A tall right-arm fast bowler, Nagel played one match for Victoria in 1927–28, then played regularly between 1930–31 and 1933–34. He took 19 wickets at 25.05 in the 1931–32 season, including 6 for 35 against South Australia.

He was selected for an Australian XI that played the MCC in Melbourne in November 1932, and took 8 for 32 in the second innings to dismiss the MCC for 60. He played in the First Test that followed shortly afterwards, and took two wickets, but was left out of the Second Test.

He toured India and Ceylon with Frank Tarrant's Australian team in 1935–36.

Lisle played 139 First XI Victorian district cricket matches for Melbourne between 1927 and 1947, taking 438 wickets at 14.74. He took 86 wickets in the 1939-40 season, which as of 2021 stands as the most by a bowler in a district cricket season.

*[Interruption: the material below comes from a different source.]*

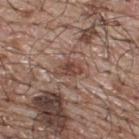size: about 3.5 mm; lighting: white-light illumination; acquisition: ~15 mm crop, total-body skin-cancer survey; subject: male, aged approximately 65; body site: the upper back.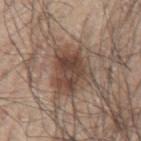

His twin brother, Vernon, also played first-class cricket for Victoria.

See also
 One Test Wonder
 List of Victoria first-class cricketers

References

External links
 Lisle Nagel at Cricket Archive
 Lisle Nagel at Cricinfo

1905 births
1971 deaths
Australia Test cricketers
Victoria cricketers
Sportspeople from Bendigo
Melbourne Cricket Club cricketers
Australian cricketers
Australian twins
Twin sportspeople
Cricketers from Victoria (Australia)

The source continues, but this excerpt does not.